(Items from a dataset)
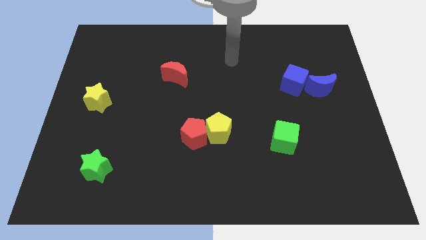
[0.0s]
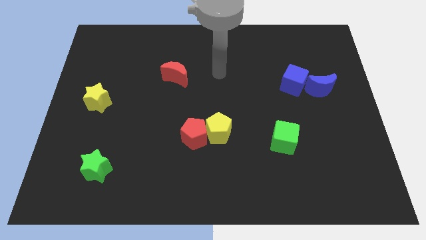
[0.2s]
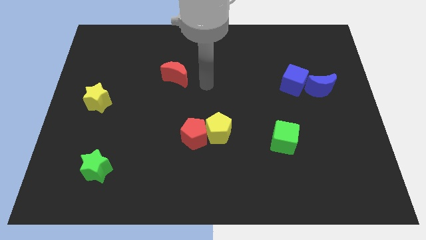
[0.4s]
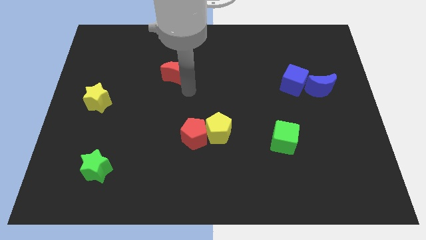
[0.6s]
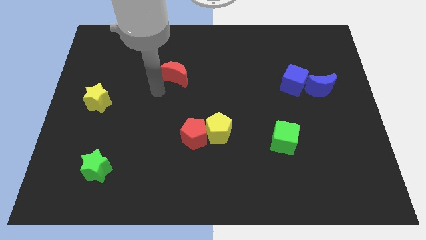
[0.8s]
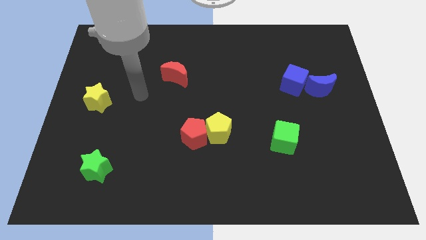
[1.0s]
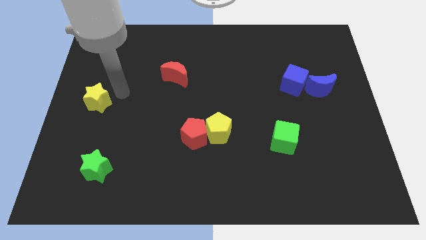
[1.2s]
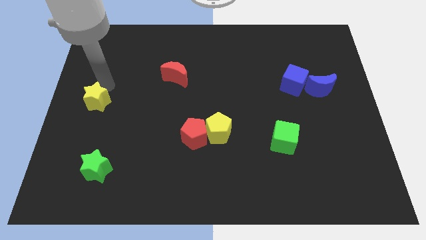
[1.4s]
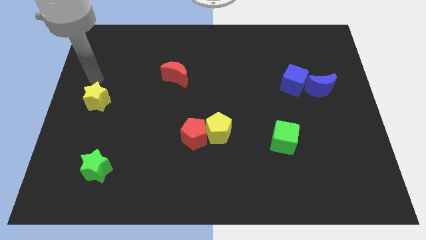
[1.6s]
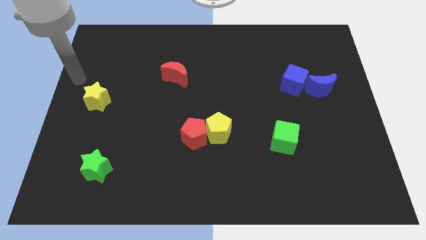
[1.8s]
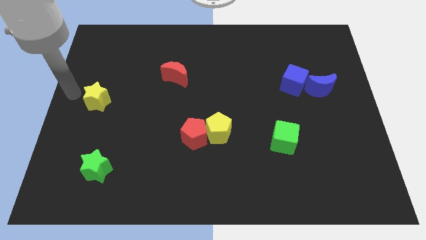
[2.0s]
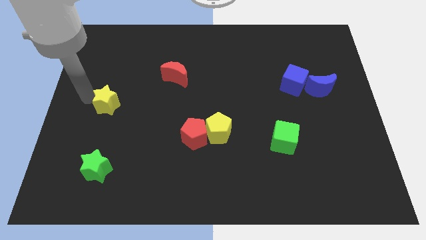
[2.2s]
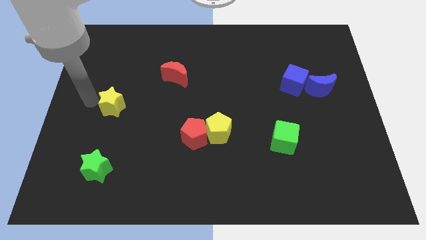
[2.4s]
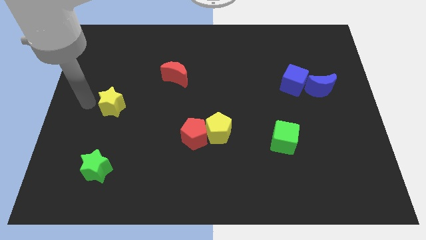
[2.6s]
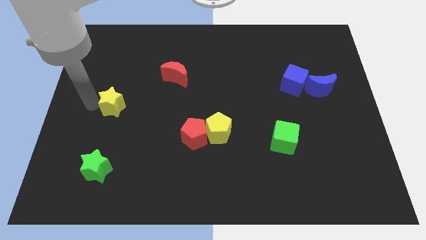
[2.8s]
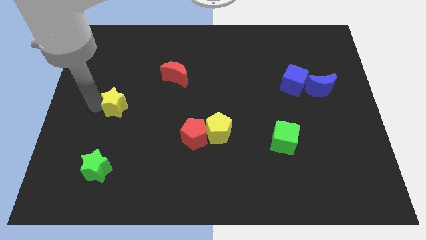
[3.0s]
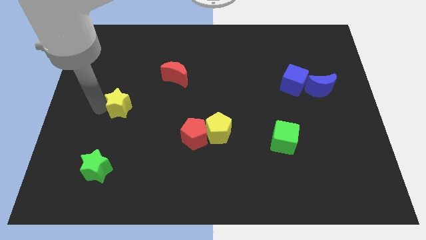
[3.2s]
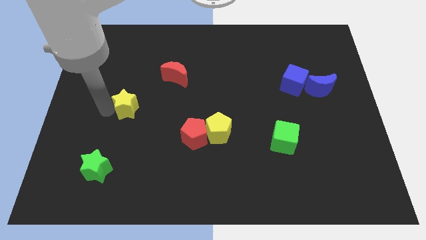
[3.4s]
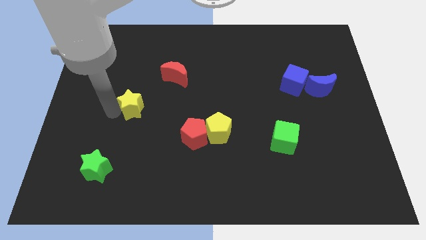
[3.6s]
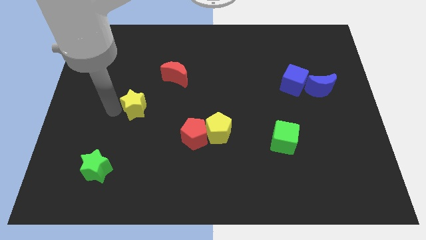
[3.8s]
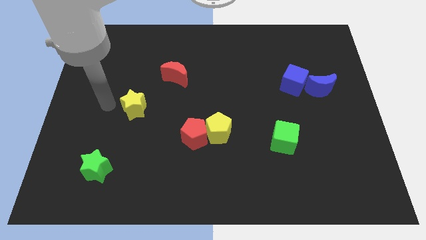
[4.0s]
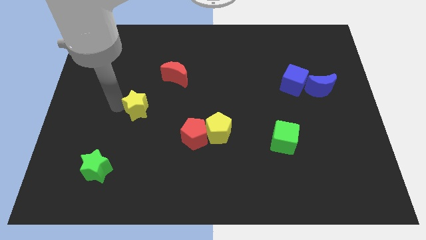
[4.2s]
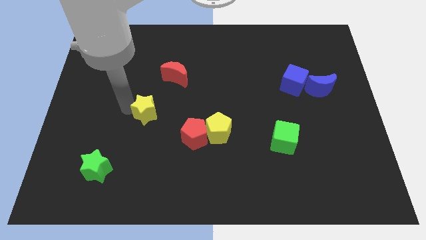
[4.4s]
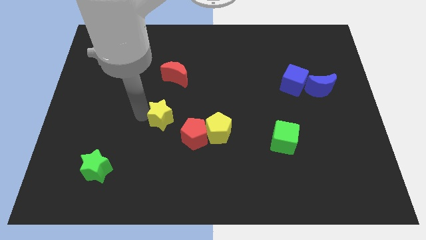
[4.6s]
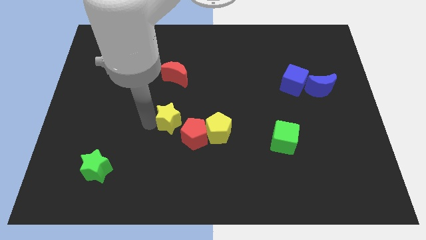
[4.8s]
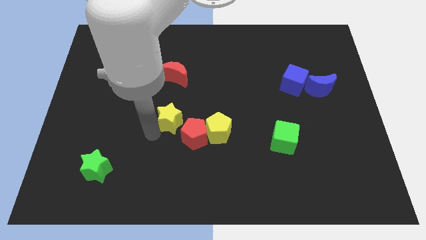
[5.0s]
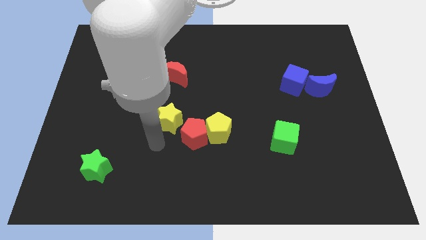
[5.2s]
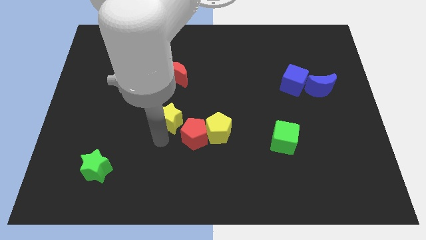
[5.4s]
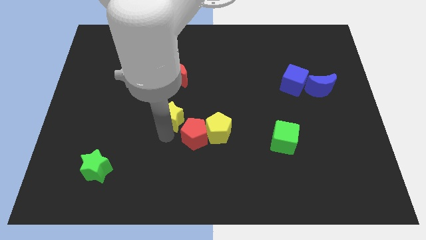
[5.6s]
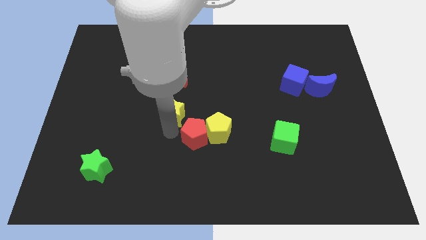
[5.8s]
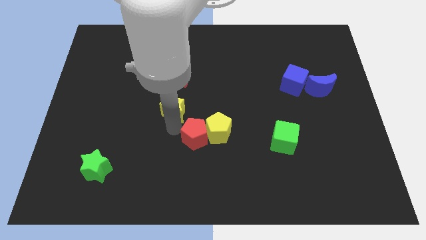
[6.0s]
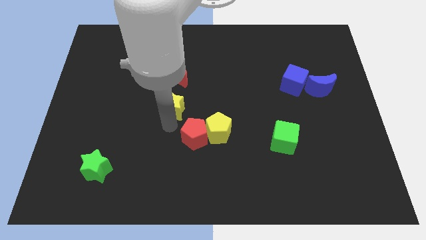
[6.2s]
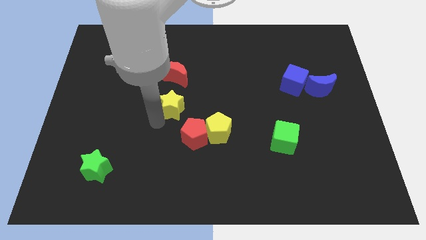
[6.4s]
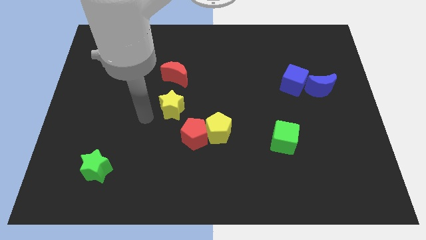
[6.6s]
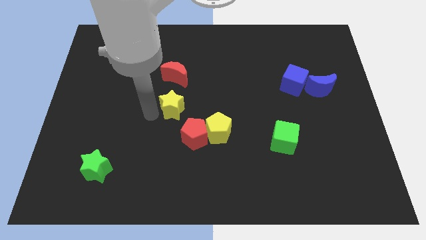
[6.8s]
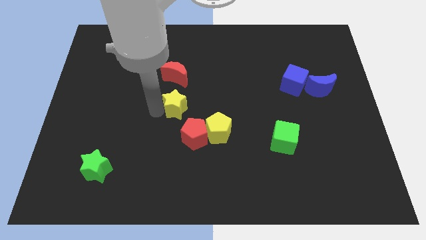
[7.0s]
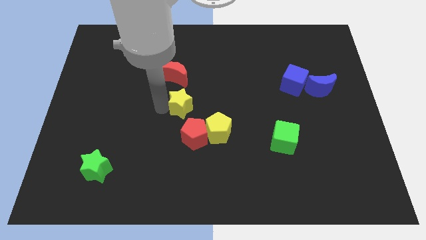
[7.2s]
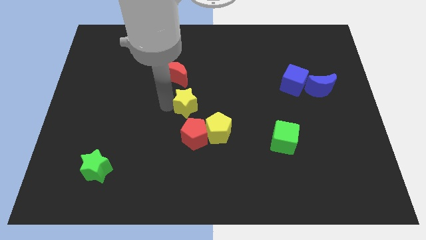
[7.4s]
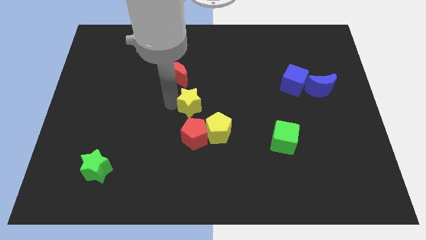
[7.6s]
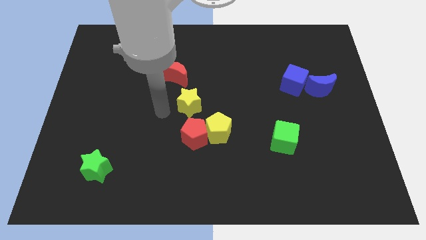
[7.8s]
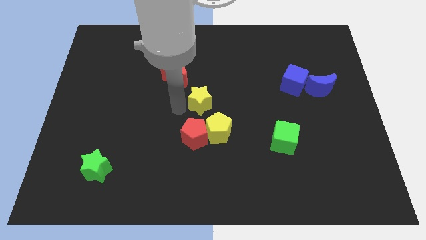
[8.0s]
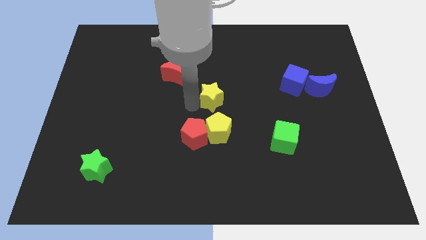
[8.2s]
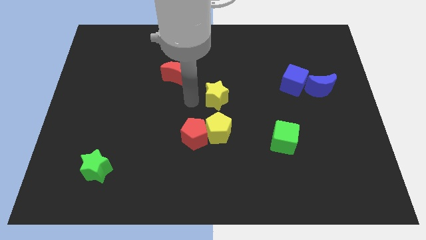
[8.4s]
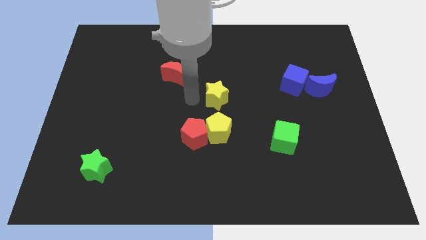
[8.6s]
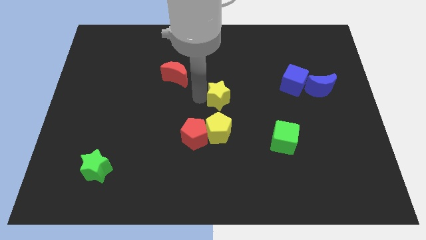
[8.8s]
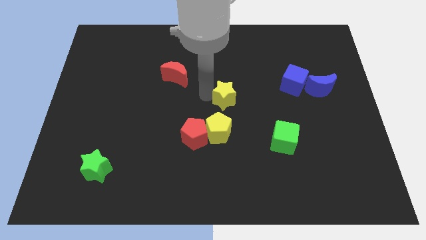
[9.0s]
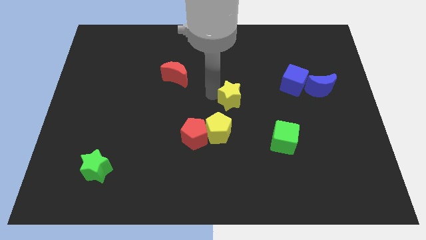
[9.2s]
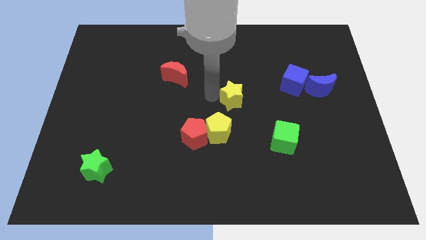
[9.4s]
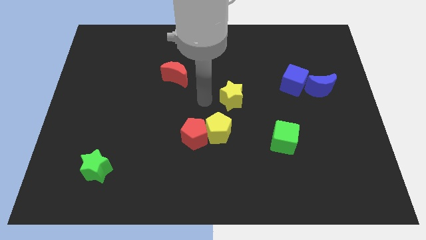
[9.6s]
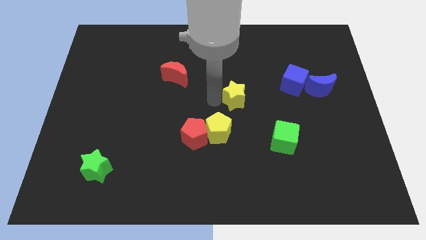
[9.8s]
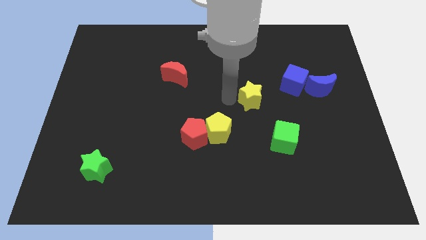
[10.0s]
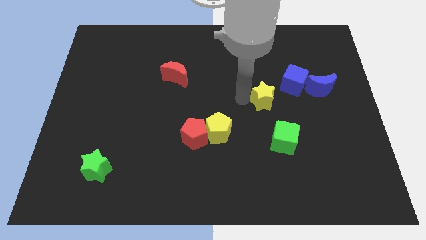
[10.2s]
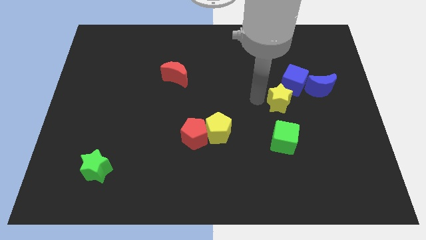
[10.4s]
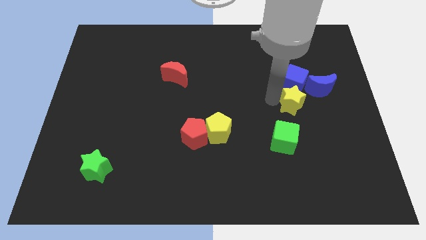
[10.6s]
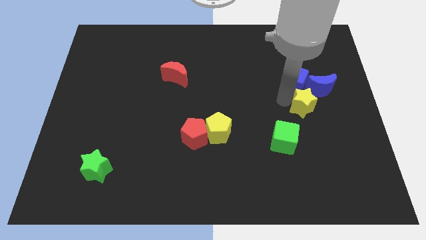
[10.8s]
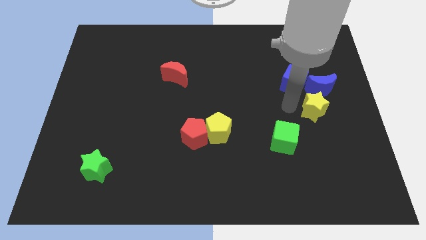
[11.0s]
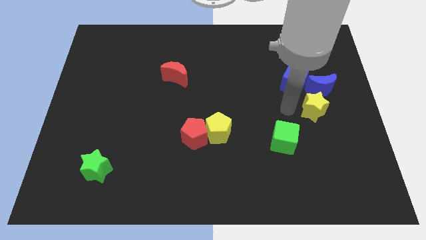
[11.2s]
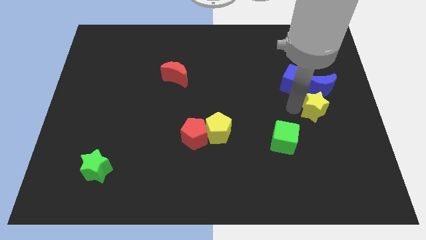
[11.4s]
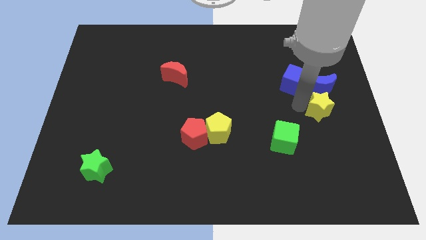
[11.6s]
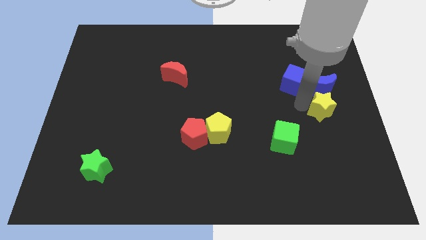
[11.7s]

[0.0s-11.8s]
push the yellow star to the right side

(TASK REQUIREMENTS) Give the entries above again in full and exactly, but not the pictures.

(ANSWER BELOW)
[0.0s]
[0.2s]
[0.4s]
[0.6s]
[0.8s]
[1.0s]
[1.2s]
[1.4s]
[1.6s]
[1.8s]
[2.0s]
[2.2s]
[2.4s]
[2.6s]
[2.8s]
[3.0s]
[3.2s]
[3.4s]
[3.6s]
[3.8s]
[4.0s]
[4.2s]
[4.4s]
[4.6s]
[4.8s]
[5.0s]
[5.2s]
[5.4s]
[5.6s]
[5.8s]
[6.0s]
[6.2s]
[6.4s]
[6.6s]
[6.8s]
[7.0s]
[7.2s]
[7.4s]
[7.6s]
[7.8s]
[8.0s]
[8.2s]
[8.4s]
[8.6s]
[8.8s]
[9.0s]
[9.2s]
[9.4s]
[9.6s]
[9.8s]
[10.0s]
[10.2s]
[10.4s]
[10.6s]
[10.8s]
[11.0s]
[11.2s]
[11.4s]
[11.6s]
[11.7s]

[0.0s-11.8s]
push the yellow star to the right side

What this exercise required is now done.